§ EXERCISE: Return each line of the data below exactly, omitting any pictures.

(Records from a collection)
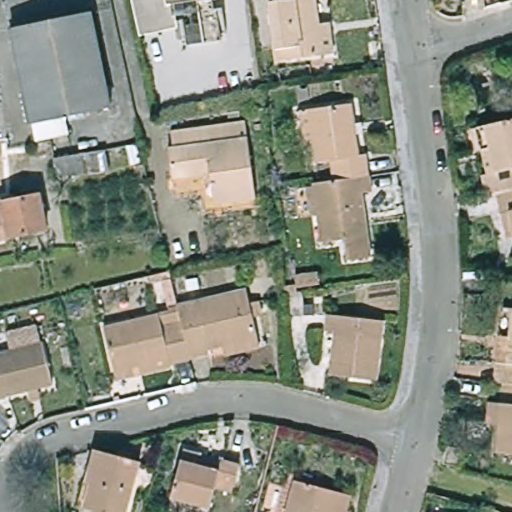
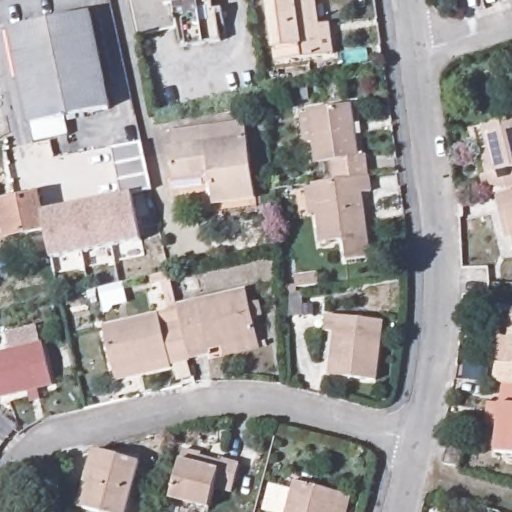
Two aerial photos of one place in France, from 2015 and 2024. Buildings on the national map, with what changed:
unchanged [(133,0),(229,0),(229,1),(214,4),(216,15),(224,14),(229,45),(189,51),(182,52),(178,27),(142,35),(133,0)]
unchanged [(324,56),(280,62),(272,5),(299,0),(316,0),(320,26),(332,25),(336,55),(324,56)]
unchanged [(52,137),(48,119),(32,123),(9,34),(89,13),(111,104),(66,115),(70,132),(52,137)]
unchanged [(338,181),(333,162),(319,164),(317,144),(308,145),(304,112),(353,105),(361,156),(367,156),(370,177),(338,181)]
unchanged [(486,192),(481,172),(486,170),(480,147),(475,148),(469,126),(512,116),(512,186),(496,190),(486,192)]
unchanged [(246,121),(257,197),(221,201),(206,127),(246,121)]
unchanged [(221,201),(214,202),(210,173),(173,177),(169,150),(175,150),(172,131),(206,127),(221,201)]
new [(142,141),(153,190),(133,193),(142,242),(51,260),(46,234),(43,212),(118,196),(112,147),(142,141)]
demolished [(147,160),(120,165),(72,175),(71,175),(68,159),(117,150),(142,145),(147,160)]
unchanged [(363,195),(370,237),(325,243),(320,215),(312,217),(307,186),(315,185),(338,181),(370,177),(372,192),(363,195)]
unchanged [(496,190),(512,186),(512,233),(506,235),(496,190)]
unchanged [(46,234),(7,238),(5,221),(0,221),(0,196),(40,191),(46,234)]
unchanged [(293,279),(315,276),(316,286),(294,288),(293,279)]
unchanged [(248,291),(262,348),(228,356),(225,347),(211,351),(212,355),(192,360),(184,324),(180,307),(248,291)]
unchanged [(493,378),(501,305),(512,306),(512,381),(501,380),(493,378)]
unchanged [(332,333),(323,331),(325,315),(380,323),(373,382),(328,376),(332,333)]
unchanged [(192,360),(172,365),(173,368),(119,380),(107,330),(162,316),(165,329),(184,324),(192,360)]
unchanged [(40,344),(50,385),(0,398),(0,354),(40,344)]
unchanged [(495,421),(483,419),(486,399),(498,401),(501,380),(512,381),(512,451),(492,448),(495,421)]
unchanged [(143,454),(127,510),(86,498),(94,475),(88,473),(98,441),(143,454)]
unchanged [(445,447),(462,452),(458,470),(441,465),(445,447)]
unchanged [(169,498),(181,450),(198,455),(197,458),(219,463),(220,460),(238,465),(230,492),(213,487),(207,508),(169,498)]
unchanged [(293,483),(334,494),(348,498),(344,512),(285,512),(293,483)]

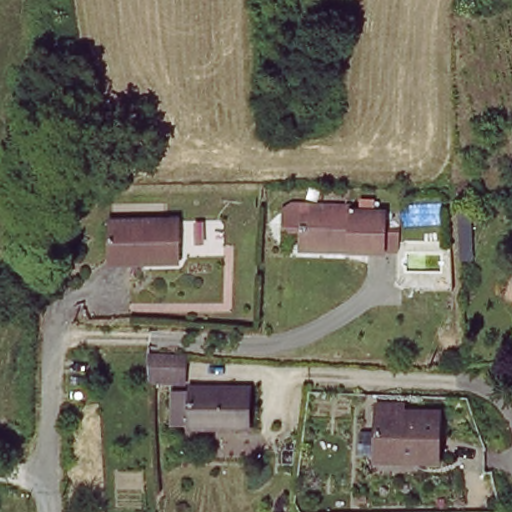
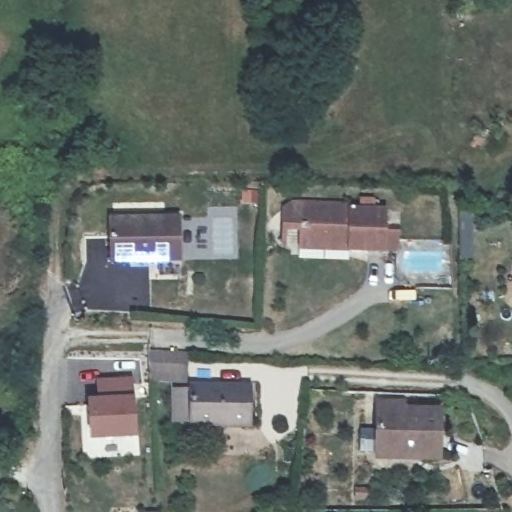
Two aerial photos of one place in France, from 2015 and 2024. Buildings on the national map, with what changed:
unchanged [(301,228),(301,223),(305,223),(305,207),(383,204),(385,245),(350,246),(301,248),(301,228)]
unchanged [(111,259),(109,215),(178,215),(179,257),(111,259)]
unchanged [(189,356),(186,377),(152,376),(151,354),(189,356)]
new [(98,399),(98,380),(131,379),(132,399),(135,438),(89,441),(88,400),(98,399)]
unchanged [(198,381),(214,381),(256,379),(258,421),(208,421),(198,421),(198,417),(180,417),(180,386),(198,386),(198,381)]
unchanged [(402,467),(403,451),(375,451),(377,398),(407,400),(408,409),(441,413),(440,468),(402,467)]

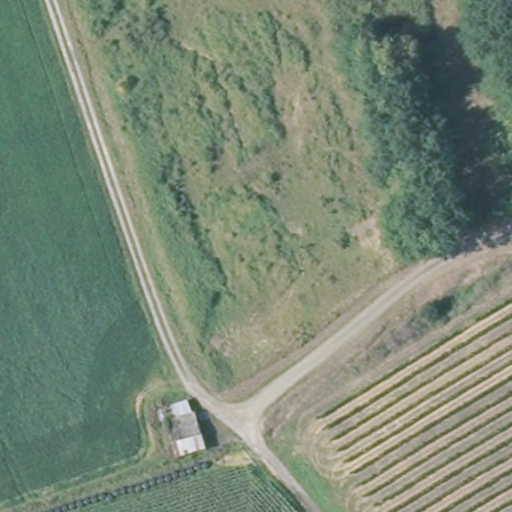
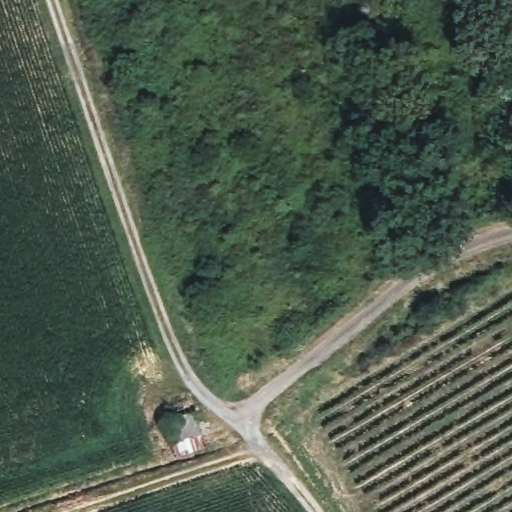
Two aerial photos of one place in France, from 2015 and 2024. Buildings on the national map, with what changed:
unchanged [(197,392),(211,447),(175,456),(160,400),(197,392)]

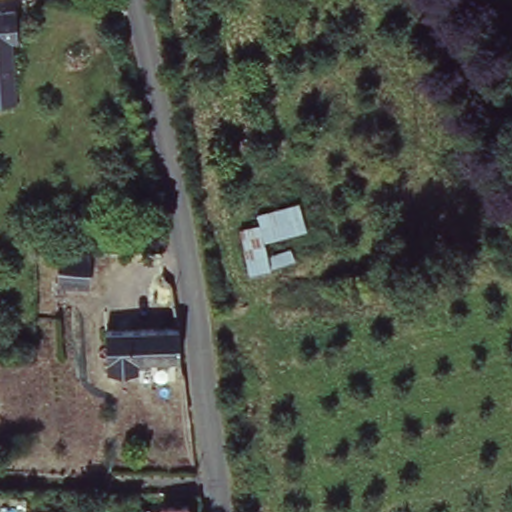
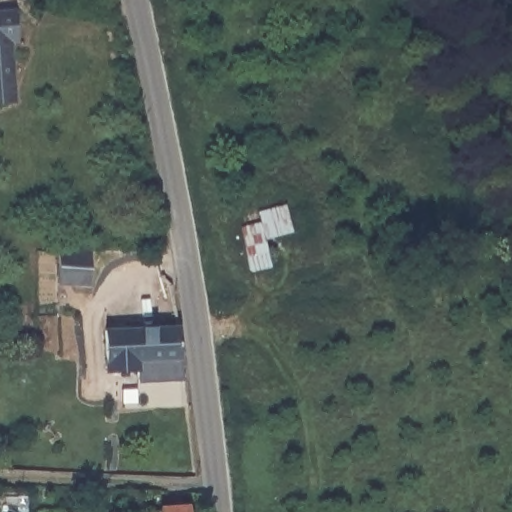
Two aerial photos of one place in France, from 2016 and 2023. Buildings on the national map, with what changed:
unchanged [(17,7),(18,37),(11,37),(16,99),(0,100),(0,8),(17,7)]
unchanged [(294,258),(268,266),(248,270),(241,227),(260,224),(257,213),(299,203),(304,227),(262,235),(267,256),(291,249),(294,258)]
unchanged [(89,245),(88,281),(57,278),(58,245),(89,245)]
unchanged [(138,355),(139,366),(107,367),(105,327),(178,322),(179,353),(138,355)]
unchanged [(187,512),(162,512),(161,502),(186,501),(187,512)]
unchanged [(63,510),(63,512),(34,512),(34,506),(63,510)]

§ RESULT FOR THIS EXERCISE:
Two aerial photos of one place in France, from 2015 and 2024. Buildings on the national map, with what changed:
unchanged [(133,0),(229,0),(229,1),(214,4),(216,15),(224,14),(229,45),(189,51),(182,52),(178,27),(142,35),(133,0)]
unchanged [(324,56),(280,62),(272,5),(299,0),(316,0),(320,26),(332,25),(336,55),(324,56)]
unchanged [(52,137),(48,119),(32,123),(9,34),(89,13),(111,104),(66,115),(70,132),(52,137)]
unchanged [(338,181),(333,162),(319,164),(317,144),(308,145),(304,112),(353,105),(361,156),(367,156),(370,177),(338,181)]
unchanged [(486,192),(481,172),(486,170),(480,147),(475,148),(469,126),(512,116),(512,186),(496,190),(486,192)]
unchanged [(246,121),(257,197),(221,201),(206,127),(246,121)]
unchanged [(221,201),(214,202),(210,173),(173,177),(169,150),(175,150),(172,131),(206,127),(221,201)]
new [(142,141),(153,190),(133,193),(142,242),(51,260),(46,234),(43,212),(118,196),(112,147),(142,141)]
demolished [(147,160),(120,165),(72,175),(71,175),(68,159),(117,150),(142,145),(147,160)]
unchanged [(363,195),(370,237),(325,243),(320,215),(312,217),(307,186),(315,185),(338,181),(370,177),(372,192),(363,195)]
unchanged [(496,190),(512,186),(512,233),(506,235),(496,190)]
unchanged [(46,234),(7,238),(5,221),(0,221),(0,196),(40,191),(46,234)]
unchanged [(293,279),(315,276),(316,286),(294,288),(293,279)]
unchanged [(248,291),(262,348),(228,356),(225,347),(211,351),(212,355),(192,360),(184,324),(180,307),(248,291)]
unchanged [(493,378),(501,305),(512,306),(512,381),(501,380),(493,378)]
unchanged [(332,333),(323,331),(325,315),(380,323),(373,382),(328,376),(332,333)]
unchanged [(192,360),(172,365),(173,368),(119,380),(107,330),(162,316),(165,329),(184,324),(192,360)]
unchanged [(40,344),(50,385),(0,398),(0,354),(40,344)]
unchanged [(495,421),(483,419),(486,399),(498,401),(501,380),(512,381),(512,451),(492,448),(495,421)]
unchanged [(143,454),(127,510),(86,498),(94,475),(88,473),(98,441),(143,454)]
unchanged [(445,447),(462,452),(458,470),(441,465),(445,447)]
unchanged [(169,498),(181,450),(198,455),(197,458),(219,463),(220,460),(238,465),(230,492),(213,487),(207,508),(169,498)]
unchanged [(293,483),(334,494),(348,498),(344,512),(285,512),(293,483)]

Two aerial photos of one place in France, from 2015 and 2024. Buildings on the national map, with what changed:
unchanged [(301,228),(301,223),(305,223),(305,207),(383,204),(385,245),(350,246),(301,248),(301,228)]
unchanged [(111,259),(109,215),(178,215),(179,257),(111,259)]
unchanged [(189,356),(186,377),(152,376),(151,354),(189,356)]
new [(98,399),(98,380),(131,379),(132,399),(135,438),(89,441),(88,400),(98,399)]
unchanged [(198,381),(214,381),(256,379),(258,421),(208,421),(198,421),(198,417),(180,417),(180,386),(198,386),(198,381)]
unchanged [(402,467),(403,451),(375,451),(377,398),(407,400),(408,409),(441,413),(440,468),(402,467)]

Two aerial photos of one place in France, from 2015 and 2024. Buildings on the national map, with what changed:
unchanged [(197,392),(211,447),(175,456),(160,400),(197,392)]

Two aerial photos of one place in France, from 2016 and 2023. Buildings on the national map, with what changed:
unchanged [(17,7),(18,37),(11,37),(16,99),(0,100),(0,8),(17,7)]
unchanged [(294,258),(268,266),(248,270),(241,227),(260,224),(257,213),(299,203),(304,227),(262,235),(267,256),(291,249),(294,258)]
unchanged [(89,245),(88,281),(57,278),(58,245),(89,245)]
unchanged [(138,355),(139,366),(107,367),(105,327),(178,322),(179,353),(138,355)]
unchanged [(187,512),(162,512),(161,502),(186,501),(187,512)]
unchanged [(63,510),(63,512),(34,512),(34,506),(63,510)]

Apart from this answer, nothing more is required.